◆ DIRECTIONS: Where the listing below reaches the line containing "L 125.313 506.405", start writing out lines exactly, and stop once the line containing "Q 207.041 75.197, 207.041 69.517" has been written.

◆ DATASET:
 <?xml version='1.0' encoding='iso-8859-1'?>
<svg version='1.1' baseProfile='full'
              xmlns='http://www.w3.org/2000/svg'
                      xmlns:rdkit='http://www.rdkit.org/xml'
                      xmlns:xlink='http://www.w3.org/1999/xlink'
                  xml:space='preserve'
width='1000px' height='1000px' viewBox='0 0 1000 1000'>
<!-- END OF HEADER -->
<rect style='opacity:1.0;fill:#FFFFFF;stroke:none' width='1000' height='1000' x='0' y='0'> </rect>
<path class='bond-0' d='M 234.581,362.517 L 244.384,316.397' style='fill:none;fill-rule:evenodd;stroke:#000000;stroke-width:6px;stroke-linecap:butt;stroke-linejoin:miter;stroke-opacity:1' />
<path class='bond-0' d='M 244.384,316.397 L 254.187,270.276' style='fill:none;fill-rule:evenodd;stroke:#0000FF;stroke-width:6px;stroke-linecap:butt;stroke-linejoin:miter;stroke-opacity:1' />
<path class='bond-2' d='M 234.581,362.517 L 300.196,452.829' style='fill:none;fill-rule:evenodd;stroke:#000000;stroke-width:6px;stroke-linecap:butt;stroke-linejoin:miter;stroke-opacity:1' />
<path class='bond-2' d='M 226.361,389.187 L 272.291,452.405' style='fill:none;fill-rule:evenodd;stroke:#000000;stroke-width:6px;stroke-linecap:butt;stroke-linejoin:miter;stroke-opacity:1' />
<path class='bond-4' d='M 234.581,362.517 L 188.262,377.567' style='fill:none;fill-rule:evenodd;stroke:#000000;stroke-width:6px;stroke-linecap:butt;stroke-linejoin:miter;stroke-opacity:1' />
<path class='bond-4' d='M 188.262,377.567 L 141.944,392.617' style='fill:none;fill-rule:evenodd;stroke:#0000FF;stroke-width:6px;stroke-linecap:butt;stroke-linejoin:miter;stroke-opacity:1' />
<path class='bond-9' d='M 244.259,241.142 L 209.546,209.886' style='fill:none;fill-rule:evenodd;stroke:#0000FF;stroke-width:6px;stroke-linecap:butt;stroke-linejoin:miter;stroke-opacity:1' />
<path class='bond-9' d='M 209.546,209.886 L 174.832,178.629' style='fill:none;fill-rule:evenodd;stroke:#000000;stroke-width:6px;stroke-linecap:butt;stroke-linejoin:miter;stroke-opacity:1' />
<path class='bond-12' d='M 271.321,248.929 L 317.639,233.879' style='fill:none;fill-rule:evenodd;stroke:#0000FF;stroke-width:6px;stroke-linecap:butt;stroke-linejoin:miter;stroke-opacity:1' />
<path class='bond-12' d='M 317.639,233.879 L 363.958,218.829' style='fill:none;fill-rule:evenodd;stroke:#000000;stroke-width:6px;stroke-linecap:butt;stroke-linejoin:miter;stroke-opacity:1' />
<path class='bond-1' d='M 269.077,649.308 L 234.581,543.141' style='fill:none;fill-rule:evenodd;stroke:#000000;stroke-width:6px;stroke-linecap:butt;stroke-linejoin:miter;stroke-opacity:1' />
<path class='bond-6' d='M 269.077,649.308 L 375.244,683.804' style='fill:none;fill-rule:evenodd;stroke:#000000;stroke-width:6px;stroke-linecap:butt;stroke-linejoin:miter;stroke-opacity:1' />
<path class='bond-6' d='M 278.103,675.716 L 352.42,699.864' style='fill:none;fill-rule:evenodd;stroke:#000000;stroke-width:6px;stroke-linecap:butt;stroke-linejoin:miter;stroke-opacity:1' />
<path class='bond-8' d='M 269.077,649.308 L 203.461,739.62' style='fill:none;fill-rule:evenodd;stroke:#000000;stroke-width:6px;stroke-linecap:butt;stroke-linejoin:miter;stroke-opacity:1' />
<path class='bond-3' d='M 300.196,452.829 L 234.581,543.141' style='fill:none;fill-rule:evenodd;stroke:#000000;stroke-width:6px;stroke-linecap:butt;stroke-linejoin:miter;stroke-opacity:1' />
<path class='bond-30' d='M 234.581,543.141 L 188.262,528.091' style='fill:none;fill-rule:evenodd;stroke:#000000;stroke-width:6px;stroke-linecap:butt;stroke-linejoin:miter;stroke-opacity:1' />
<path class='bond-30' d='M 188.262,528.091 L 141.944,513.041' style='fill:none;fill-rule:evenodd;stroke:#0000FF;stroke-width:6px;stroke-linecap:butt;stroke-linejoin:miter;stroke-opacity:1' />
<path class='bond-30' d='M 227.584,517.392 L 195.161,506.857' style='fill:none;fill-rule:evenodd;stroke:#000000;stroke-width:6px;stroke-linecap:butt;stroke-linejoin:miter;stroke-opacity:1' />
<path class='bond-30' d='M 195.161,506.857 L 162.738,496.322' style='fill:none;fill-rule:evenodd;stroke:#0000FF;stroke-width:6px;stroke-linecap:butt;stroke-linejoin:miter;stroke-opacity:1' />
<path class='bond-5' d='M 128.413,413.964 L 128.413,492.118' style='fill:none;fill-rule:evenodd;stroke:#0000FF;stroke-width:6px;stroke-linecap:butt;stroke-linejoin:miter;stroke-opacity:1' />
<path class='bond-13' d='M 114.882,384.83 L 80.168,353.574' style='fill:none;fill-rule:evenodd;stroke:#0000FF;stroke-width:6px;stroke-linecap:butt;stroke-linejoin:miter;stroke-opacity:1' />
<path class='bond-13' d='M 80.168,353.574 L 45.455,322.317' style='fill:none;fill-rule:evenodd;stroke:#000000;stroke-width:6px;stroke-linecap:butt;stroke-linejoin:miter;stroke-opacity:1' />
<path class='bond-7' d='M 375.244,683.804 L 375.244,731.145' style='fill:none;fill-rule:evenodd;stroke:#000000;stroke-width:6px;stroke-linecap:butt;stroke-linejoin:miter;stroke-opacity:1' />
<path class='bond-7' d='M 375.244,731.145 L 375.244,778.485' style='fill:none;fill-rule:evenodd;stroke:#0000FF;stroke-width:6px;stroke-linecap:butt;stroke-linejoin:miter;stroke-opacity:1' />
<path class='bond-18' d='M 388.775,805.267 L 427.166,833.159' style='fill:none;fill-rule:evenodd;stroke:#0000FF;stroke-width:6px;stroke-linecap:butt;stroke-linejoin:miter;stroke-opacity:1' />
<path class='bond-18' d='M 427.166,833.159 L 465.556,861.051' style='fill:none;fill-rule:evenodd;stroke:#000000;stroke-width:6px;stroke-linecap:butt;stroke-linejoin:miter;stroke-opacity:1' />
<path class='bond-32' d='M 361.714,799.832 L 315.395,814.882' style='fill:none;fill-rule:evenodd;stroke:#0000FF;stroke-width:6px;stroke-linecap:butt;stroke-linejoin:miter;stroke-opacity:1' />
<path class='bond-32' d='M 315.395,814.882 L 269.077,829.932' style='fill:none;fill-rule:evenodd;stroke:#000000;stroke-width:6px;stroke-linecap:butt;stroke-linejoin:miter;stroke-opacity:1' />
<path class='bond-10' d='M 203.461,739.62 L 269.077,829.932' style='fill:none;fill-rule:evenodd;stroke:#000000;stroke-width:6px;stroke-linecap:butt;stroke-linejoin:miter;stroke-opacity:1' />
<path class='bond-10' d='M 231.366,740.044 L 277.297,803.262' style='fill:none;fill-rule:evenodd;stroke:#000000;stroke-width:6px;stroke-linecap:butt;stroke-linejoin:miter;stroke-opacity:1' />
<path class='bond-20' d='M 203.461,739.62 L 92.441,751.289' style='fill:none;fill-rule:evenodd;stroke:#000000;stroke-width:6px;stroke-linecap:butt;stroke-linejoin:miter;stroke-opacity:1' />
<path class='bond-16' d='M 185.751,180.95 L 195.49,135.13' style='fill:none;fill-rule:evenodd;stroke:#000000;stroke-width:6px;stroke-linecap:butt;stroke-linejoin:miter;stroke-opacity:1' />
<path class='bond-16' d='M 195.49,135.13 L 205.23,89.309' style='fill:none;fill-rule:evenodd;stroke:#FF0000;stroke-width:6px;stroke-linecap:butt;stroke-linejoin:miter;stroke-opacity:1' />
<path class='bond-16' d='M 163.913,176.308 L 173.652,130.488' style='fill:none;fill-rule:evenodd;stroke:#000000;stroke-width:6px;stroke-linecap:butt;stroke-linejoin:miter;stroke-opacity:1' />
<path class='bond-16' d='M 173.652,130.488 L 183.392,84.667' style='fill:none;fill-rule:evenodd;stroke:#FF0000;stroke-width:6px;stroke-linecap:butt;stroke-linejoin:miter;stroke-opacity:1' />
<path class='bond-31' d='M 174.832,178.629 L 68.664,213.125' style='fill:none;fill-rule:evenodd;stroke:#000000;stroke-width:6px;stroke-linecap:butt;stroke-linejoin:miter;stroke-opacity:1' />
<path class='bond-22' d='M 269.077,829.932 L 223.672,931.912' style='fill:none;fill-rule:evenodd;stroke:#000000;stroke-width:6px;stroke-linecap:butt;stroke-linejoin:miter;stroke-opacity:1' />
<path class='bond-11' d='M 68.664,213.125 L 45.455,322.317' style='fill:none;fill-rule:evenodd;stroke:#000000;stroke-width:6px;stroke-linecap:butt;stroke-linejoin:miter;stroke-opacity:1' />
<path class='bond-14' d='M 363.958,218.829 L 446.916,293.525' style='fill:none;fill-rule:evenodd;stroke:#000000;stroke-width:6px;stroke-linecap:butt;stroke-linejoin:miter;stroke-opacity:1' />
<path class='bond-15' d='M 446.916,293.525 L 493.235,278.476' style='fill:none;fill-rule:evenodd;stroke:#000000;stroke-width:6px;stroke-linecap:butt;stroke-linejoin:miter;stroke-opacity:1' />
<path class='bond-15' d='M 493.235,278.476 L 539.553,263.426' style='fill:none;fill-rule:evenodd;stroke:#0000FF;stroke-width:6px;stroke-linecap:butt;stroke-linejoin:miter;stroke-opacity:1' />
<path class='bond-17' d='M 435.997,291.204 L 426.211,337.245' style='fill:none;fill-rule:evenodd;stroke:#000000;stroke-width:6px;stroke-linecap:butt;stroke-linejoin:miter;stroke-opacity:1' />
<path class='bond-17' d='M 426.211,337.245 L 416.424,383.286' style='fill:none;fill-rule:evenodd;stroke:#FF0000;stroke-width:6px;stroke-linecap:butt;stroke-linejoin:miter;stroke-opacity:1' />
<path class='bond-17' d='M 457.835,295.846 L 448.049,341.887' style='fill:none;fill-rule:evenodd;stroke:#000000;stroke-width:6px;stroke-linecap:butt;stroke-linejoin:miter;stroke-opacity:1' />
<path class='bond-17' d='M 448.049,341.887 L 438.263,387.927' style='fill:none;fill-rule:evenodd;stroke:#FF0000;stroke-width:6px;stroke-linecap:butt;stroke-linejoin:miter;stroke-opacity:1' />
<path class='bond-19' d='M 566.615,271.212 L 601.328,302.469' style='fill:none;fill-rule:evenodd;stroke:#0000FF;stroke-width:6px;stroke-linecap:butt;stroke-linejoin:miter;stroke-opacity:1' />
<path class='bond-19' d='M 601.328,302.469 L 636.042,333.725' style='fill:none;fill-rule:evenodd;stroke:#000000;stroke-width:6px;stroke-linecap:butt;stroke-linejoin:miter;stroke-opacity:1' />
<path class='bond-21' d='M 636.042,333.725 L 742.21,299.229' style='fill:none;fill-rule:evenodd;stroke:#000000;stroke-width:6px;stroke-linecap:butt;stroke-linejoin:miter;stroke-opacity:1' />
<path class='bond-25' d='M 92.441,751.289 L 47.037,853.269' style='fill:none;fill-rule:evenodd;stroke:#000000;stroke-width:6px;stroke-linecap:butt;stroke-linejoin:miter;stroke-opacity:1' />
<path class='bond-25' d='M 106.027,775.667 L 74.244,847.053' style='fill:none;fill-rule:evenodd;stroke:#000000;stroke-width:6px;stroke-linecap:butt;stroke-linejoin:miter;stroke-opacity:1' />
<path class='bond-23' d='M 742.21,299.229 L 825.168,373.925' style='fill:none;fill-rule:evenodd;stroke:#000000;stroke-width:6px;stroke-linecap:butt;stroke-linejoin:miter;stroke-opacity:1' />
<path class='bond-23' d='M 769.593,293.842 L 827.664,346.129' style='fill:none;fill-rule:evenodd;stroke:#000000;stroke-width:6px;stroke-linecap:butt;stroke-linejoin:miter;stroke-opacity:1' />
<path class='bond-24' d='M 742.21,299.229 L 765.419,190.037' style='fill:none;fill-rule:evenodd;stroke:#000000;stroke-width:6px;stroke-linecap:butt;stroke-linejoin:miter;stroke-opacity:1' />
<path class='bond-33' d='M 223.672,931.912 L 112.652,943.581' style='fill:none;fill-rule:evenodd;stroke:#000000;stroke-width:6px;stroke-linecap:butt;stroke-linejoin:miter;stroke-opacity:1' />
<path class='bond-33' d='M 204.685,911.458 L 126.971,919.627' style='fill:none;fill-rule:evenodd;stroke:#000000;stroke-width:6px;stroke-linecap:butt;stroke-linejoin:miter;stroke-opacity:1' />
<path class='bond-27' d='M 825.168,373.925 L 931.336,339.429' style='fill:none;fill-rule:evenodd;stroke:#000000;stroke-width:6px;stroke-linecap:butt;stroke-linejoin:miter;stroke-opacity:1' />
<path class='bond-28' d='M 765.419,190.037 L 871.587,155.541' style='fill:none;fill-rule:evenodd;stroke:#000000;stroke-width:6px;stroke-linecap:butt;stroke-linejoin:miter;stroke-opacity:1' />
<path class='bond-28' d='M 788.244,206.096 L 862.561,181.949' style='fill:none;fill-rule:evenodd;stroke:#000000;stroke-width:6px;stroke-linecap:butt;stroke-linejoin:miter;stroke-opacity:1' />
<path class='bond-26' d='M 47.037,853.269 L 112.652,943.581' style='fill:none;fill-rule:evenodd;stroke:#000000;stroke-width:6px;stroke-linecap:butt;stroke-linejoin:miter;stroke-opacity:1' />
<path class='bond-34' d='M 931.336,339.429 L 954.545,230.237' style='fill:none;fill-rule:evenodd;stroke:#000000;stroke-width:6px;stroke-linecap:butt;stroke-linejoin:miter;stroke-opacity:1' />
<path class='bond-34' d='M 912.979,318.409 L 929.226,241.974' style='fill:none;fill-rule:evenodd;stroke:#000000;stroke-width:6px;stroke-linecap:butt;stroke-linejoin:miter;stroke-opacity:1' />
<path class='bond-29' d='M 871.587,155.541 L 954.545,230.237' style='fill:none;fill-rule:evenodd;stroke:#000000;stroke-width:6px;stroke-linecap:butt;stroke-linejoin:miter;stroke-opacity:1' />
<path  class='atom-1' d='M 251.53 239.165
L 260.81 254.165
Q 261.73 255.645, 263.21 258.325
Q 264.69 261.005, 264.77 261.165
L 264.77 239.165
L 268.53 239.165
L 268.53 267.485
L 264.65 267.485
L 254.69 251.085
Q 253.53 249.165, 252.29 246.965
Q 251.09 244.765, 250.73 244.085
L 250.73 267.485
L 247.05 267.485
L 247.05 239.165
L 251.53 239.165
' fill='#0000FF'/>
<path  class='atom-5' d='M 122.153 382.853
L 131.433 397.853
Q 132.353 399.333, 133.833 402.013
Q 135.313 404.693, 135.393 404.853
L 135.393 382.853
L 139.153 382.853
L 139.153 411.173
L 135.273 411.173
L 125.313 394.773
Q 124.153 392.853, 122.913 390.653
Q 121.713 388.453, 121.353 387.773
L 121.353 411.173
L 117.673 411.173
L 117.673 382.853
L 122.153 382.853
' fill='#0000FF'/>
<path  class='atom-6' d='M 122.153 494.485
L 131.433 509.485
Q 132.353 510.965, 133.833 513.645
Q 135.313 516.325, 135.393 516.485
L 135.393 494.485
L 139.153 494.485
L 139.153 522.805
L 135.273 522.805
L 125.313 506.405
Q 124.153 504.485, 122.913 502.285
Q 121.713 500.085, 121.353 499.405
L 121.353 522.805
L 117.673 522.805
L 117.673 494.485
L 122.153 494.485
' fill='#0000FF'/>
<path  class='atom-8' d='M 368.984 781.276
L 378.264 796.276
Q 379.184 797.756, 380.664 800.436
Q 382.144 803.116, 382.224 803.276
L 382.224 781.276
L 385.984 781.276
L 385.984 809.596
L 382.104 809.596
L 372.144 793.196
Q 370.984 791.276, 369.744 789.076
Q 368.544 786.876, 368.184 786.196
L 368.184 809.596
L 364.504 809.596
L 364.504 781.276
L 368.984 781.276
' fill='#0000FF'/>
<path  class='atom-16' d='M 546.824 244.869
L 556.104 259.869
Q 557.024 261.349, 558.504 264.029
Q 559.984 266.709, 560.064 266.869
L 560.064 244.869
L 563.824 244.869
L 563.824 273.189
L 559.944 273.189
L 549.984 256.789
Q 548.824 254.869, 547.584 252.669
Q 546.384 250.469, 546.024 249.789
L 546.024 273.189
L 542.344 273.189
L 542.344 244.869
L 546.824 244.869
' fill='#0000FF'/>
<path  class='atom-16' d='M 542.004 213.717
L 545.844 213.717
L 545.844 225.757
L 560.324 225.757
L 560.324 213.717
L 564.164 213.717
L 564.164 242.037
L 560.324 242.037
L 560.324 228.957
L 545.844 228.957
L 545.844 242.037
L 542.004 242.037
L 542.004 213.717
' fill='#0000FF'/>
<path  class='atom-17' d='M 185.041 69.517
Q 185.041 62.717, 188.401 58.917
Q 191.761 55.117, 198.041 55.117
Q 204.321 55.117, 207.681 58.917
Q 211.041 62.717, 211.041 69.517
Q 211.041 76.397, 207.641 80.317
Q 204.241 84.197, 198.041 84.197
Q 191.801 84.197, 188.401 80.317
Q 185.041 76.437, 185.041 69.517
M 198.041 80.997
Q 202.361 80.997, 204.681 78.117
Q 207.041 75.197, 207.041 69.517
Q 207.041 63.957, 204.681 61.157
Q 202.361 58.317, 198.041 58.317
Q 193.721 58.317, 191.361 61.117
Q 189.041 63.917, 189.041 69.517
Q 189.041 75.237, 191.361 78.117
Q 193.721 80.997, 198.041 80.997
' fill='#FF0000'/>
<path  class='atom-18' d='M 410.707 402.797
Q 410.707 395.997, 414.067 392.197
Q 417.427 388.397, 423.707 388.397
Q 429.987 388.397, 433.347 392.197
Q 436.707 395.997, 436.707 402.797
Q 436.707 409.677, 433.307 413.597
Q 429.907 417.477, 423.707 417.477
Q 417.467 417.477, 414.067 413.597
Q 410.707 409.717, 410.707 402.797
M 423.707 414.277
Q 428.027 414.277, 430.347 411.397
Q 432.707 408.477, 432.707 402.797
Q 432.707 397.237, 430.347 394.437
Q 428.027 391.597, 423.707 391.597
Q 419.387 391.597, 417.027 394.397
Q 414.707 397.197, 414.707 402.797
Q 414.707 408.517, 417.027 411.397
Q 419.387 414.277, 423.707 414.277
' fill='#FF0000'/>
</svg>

◆ RESULT OF THE EXERCISE:
L 125.313 506.405
Q 124.153 504.485, 122.913 502.285
Q 121.713 500.085, 121.353 499.405
L 121.353 522.805
L 117.673 522.805
L 117.673 494.485
L 122.153 494.485
' fill='#0000FF'/>
<path  class='atom-8' d='M 368.984 781.276
L 378.264 796.276
Q 379.184 797.756, 380.664 800.436
Q 382.144 803.116, 382.224 803.276
L 382.224 781.276
L 385.984 781.276
L 385.984 809.596
L 382.104 809.596
L 372.144 793.196
Q 370.984 791.276, 369.744 789.076
Q 368.544 786.876, 368.184 786.196
L 368.184 809.596
L 364.504 809.596
L 364.504 781.276
L 368.984 781.276
' fill='#0000FF'/>
<path  class='atom-16' d='M 546.824 244.869
L 556.104 259.869
Q 557.024 261.349, 558.504 264.029
Q 559.984 266.709, 560.064 266.869
L 560.064 244.869
L 563.824 244.869
L 563.824 273.189
L 559.944 273.189
L 549.984 256.789
Q 548.824 254.869, 547.584 252.669
Q 546.384 250.469, 546.024 249.789
L 546.024 273.189
L 542.344 273.189
L 542.344 244.869
L 546.824 244.869
' fill='#0000FF'/>
<path  class='atom-16' d='M 542.004 213.717
L 545.844 213.717
L 545.844 225.757
L 560.324 225.757
L 560.324 213.717
L 564.164 213.717
L 564.164 242.037
L 560.324 242.037
L 560.324 228.957
L 545.844 228.957
L 545.844 242.037
L 542.004 242.037
L 542.004 213.717
' fill='#0000FF'/>
<path  class='atom-17' d='M 185.041 69.517
Q 185.041 62.717, 188.401 58.917
Q 191.761 55.117, 198.041 55.117
Q 204.321 55.117, 207.681 58.917
Q 211.041 62.717, 211.041 69.517
Q 211.041 76.397, 207.641 80.317
Q 204.241 84.197, 198.041 84.197
Q 191.801 84.197, 188.401 80.317
Q 185.041 76.437, 185.041 69.517
M 198.041 80.997
Q 202.361 80.997, 204.681 78.117
Q 207.041 75.197, 207.041 69.517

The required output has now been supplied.